Description of the task | Please print, exactly, only the lines in the entries below from the line that has "[00:00:02.700]" through the line that has "[00:00:04.400]". Pictures don't go in.

[Stored items]

....................

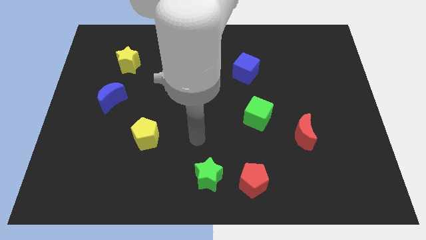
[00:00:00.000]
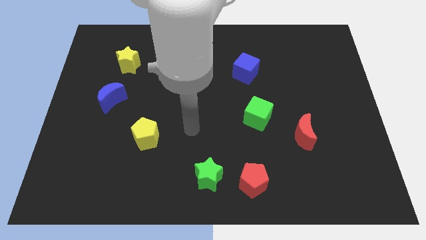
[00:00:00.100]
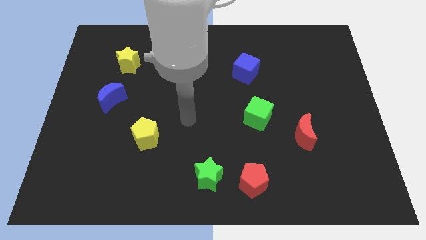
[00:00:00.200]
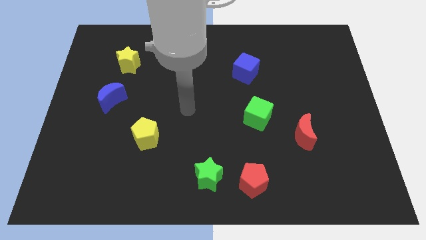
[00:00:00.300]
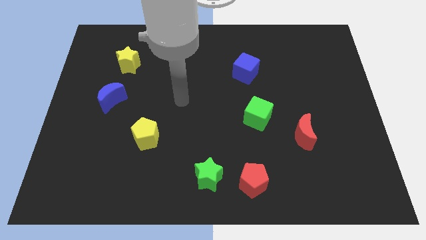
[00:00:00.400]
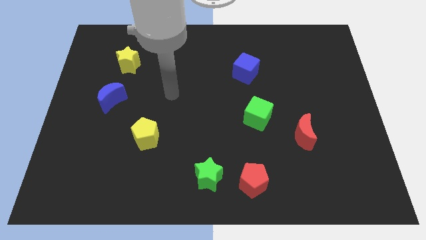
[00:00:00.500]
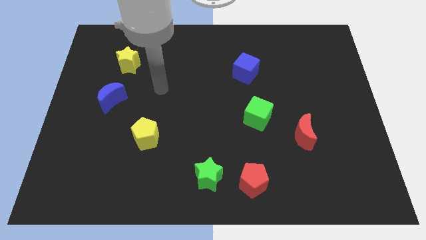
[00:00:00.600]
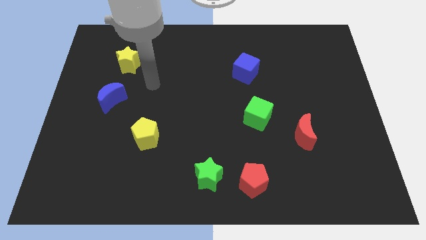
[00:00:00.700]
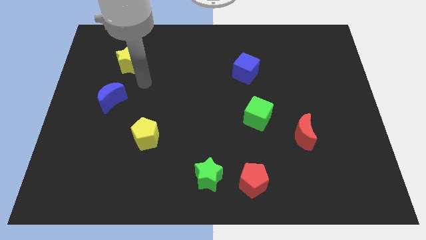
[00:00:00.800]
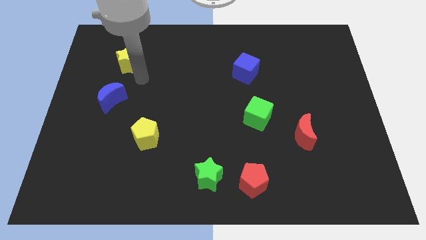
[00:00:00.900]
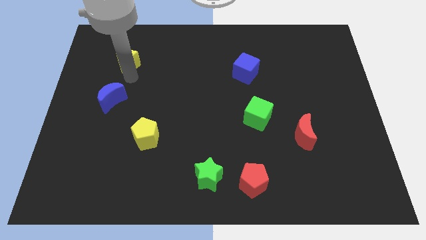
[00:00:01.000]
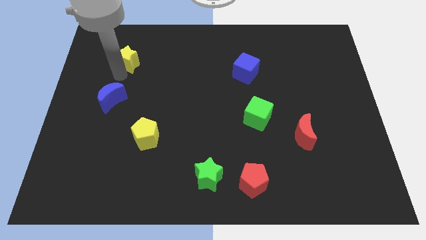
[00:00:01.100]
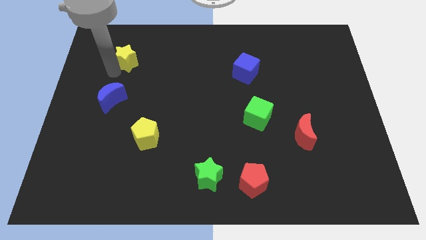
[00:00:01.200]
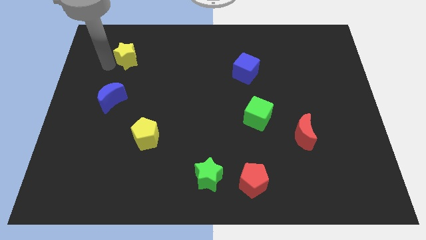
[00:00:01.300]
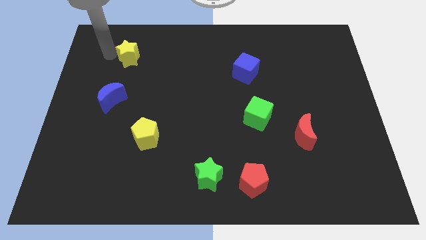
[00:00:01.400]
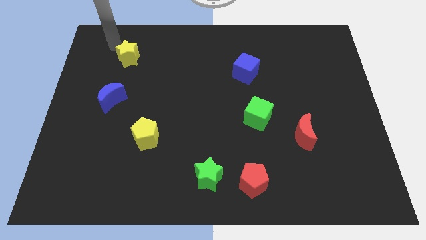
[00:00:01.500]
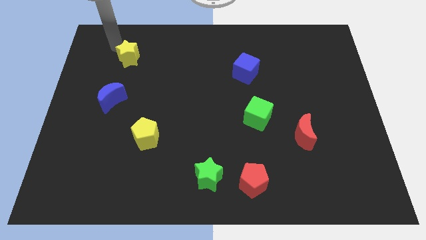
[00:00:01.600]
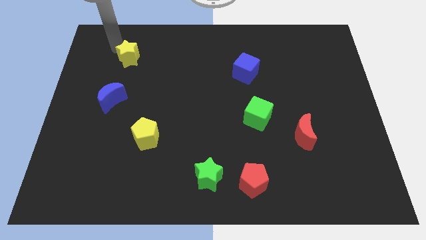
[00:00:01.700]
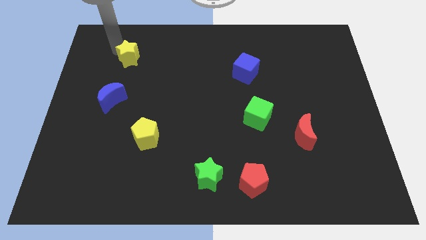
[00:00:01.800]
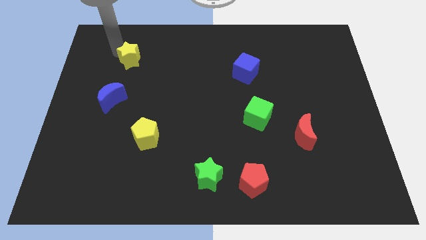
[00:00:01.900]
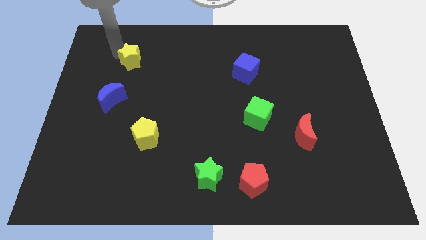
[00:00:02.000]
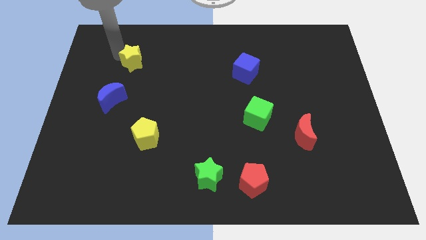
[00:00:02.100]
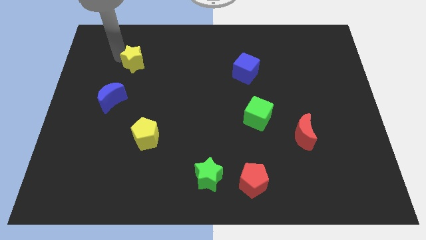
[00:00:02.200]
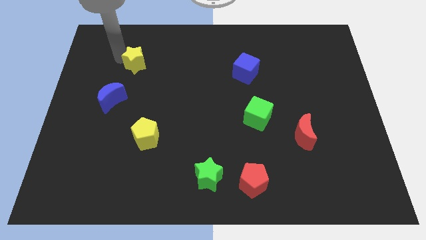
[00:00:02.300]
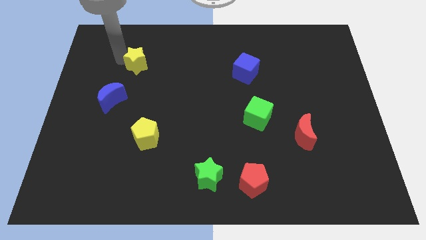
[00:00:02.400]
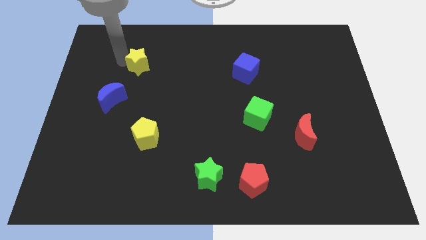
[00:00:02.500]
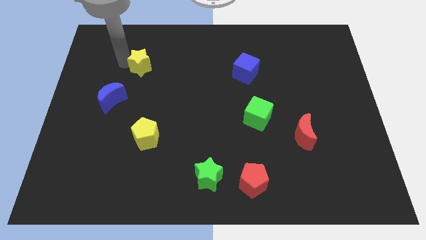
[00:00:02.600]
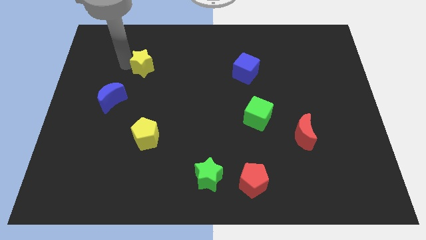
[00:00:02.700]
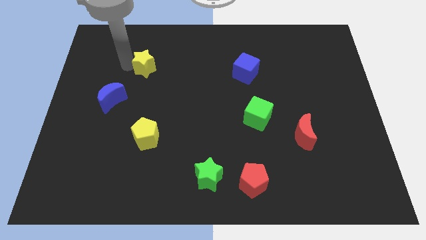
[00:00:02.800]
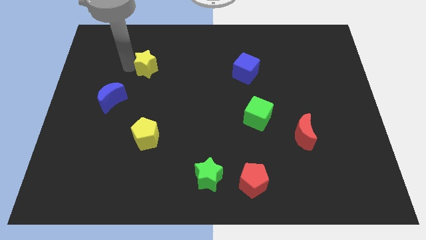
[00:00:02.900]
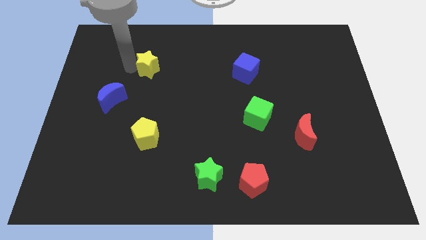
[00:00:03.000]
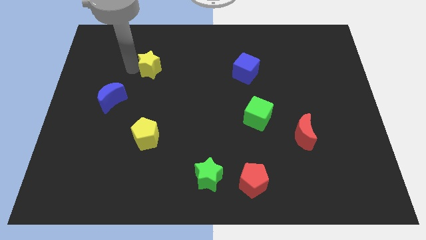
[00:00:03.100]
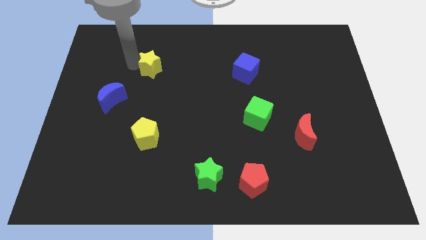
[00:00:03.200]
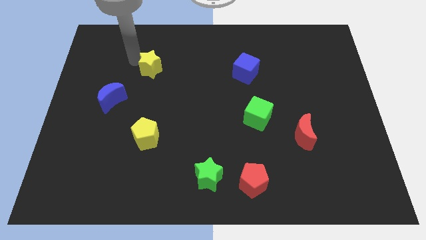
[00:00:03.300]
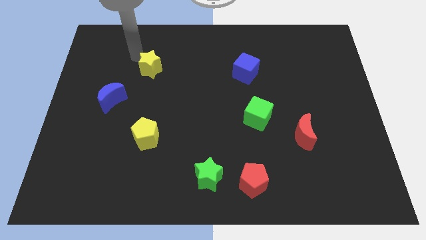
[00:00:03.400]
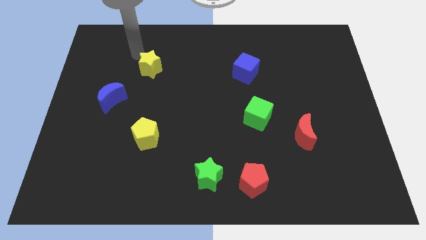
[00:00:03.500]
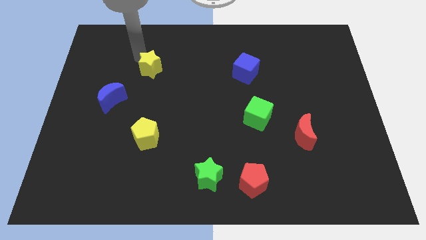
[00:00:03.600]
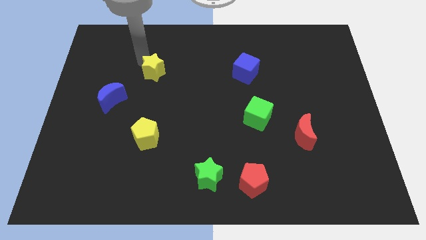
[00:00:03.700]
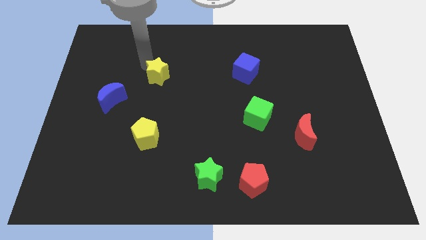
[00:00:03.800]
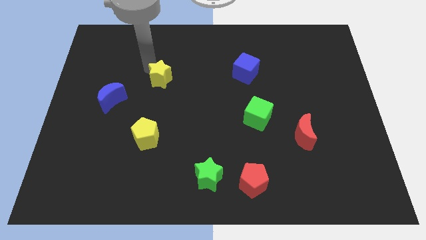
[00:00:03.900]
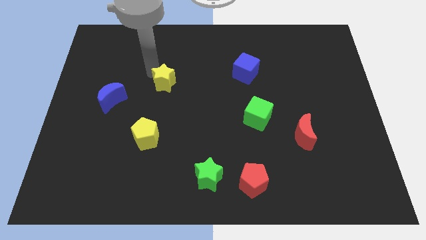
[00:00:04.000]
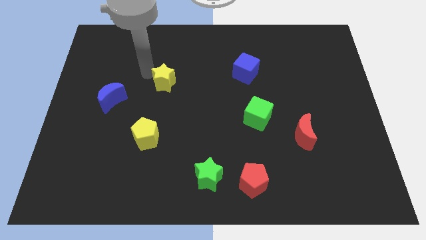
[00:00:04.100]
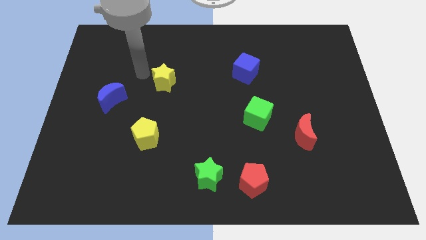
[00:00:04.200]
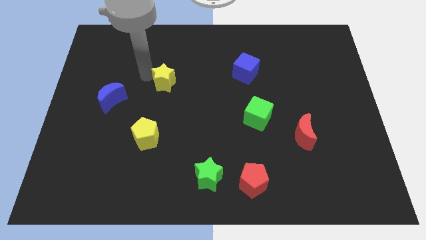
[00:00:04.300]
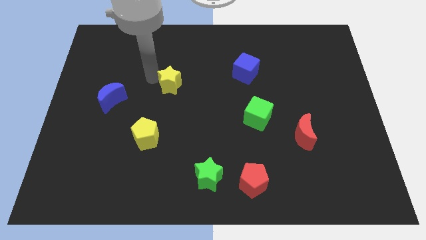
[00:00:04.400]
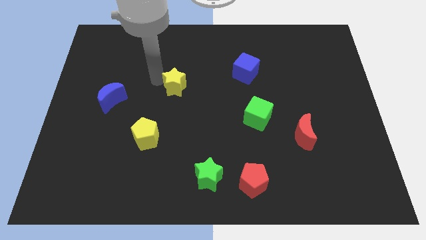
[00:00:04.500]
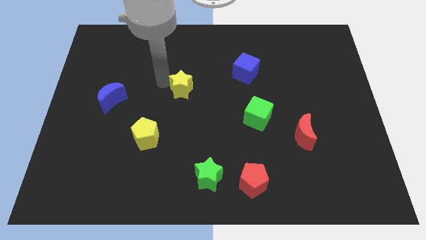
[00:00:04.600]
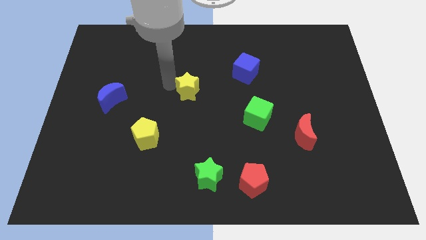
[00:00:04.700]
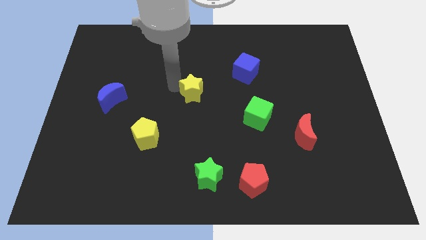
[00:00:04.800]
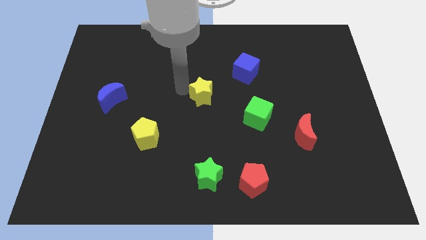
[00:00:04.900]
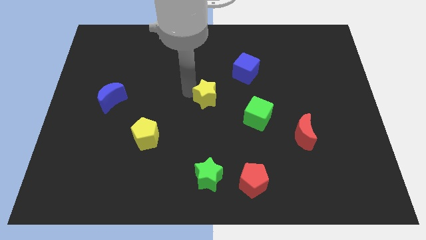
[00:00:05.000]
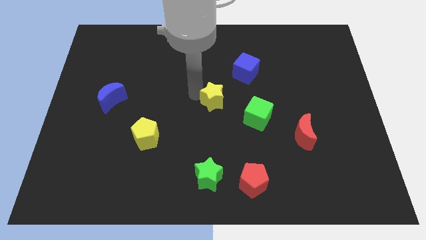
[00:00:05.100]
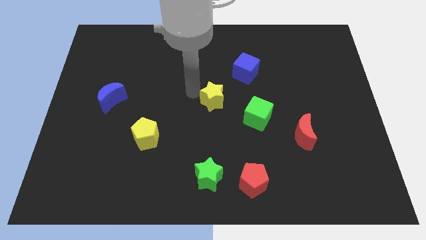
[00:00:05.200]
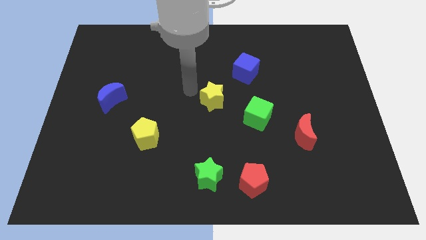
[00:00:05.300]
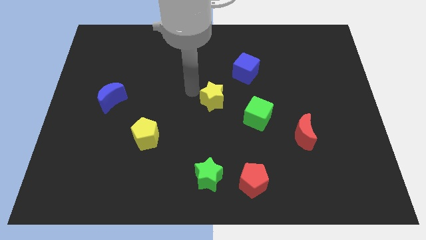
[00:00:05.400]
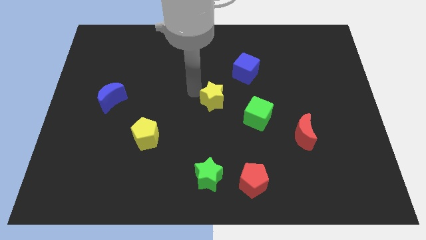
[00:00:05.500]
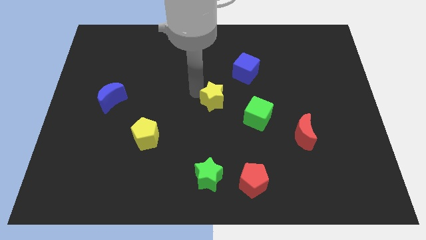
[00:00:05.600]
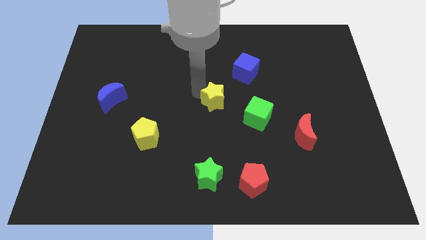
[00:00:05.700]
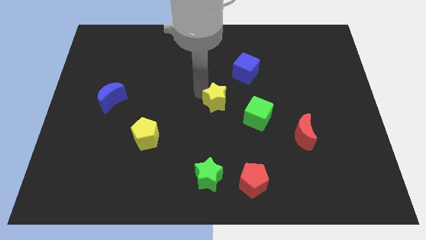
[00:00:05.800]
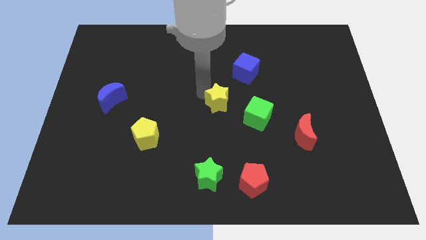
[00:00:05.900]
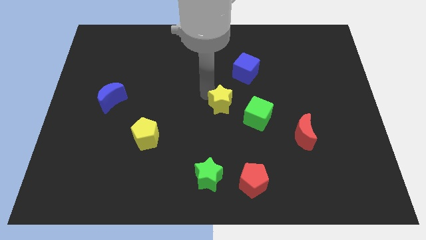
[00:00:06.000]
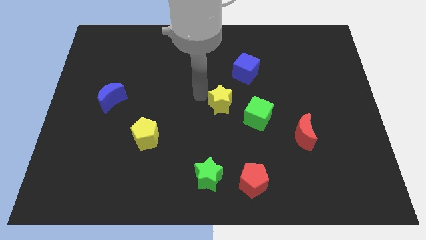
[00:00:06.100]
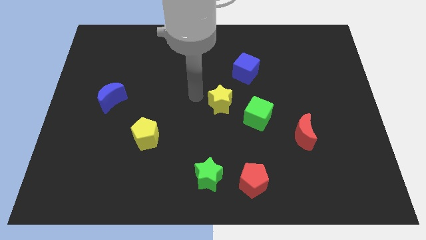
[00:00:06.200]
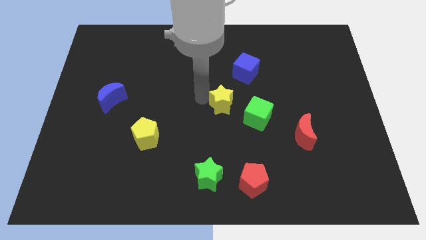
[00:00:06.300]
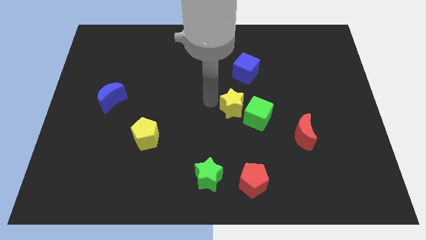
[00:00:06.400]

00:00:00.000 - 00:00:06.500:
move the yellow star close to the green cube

....................

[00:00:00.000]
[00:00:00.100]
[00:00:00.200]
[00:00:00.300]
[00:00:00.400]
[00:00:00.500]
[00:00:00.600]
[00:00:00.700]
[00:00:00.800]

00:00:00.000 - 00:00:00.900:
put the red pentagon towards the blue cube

....................

Solved problem |
[00:00:02.700]
[00:00:02.800]
[00:00:02.900]
[00:00:03.000]
[00:00:03.100]
[00:00:03.200]
[00:00:03.300]
[00:00:03.400]
[00:00:03.500]
[00:00:03.600]
[00:00:03.700]
[00:00:03.800]
[00:00:03.900]
[00:00:04.000]
[00:00:04.100]
[00:00:04.200]
[00:00:04.300]
[00:00:04.400]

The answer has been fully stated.